Kimberly forwarded this description from the Children's Museum:

"Artist Indigo Raffel will join youth volunteers and representatives from the Children’s Museum of Pittsburgh, Keep Pennsylvania Beautiful and Waste Management, Inc. to put the finishing touches on the woven Basket Hut  and adorn it with positive wishes for the earth."

The space now has peach, apple, plum and pluot trees, thanks to work by Kimberly and volunteers Jaymes Judd, Sara Hillegass, Rachel Cook and Jana Thompson.

This photo shows Sara and Jaymes stabilizing the bare-root saplings in their holes. The seedlings came from Pennsylvania nurseries.

Kimberly, the youth and community program coordinator at the museum, initiated an herb and vegetable garden around the front of the building in 2010, It was installed with help from the Pittsburgh Project’s Lots of Hope and Mindy Schwartz of Garden Dreams Nursery in Wilkinsburg and paid for with grants from the General Mills Foundation, Allegheny County Health Department and Nickelodeon.         

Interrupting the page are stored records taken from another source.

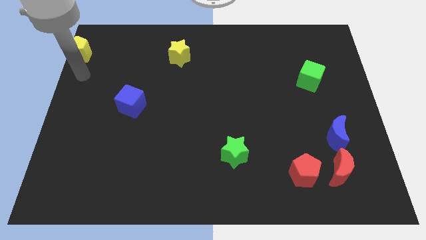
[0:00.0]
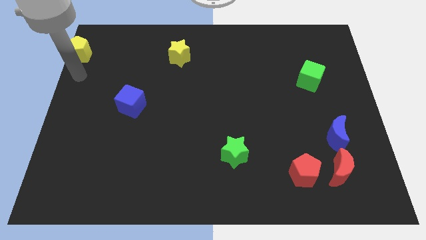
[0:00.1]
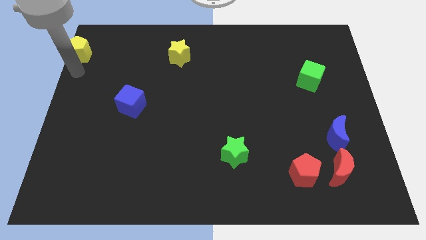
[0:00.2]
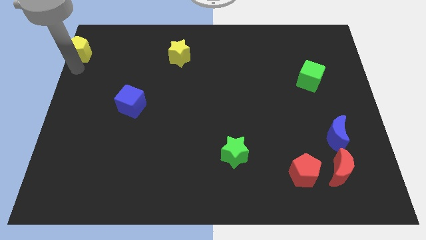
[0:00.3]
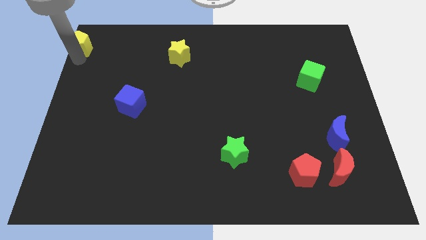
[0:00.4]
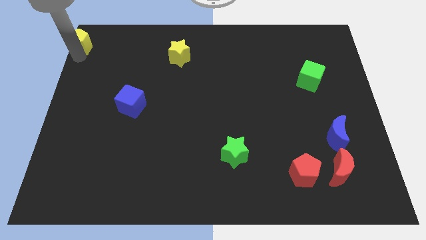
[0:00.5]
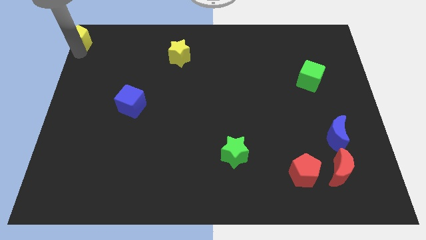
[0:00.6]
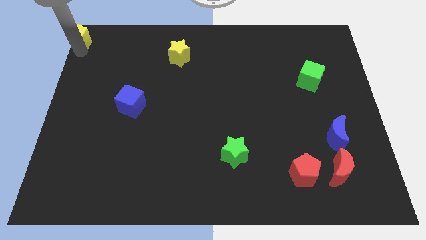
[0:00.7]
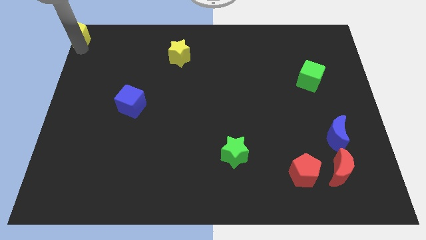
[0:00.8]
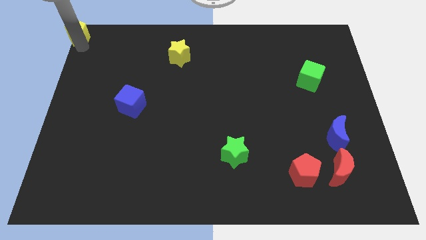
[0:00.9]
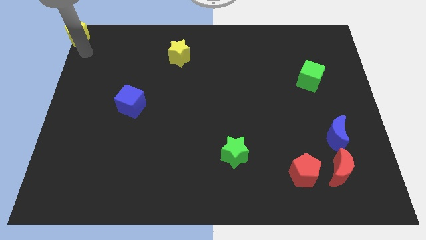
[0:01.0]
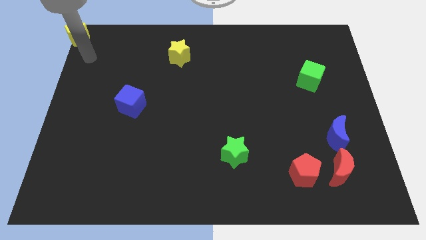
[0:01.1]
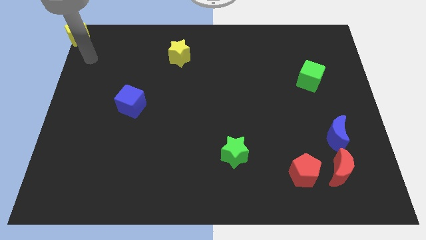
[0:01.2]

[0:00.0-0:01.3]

Work on the outdoor classroom started last fall, with a grant from Keep Pennsylvania Beautiful and Waste Management, Inc

Another permaculture berry patch is growing at the exit of the Buhl doors, with blueberries, strawberries, paw paw trees, etc. that was installed May 2011 and was funded by Alcoa.

 The link to Kimberly's Garden blog is http://garden.pittsburghkids.org/.

Meanwhile, the new Allegheny Public Square Park is starting to look more like the schematic design the museum showed at capital campaign events and public sessions leading up to the dismantling of the ‘60s era plaza it's replacing.

The sunken fountain is filled in, new stone fixtures are being laid and dozens of young trees were bobbing around on a stiff breeze this afternoon as workmen crunched old concrete.

That big kitschy blue sculpture thing is still there and I'm told it likely will stay there because the city doesn't want to haul it off. In a way, it will be good to have it left behind as a reminder of the transience of the last good idea.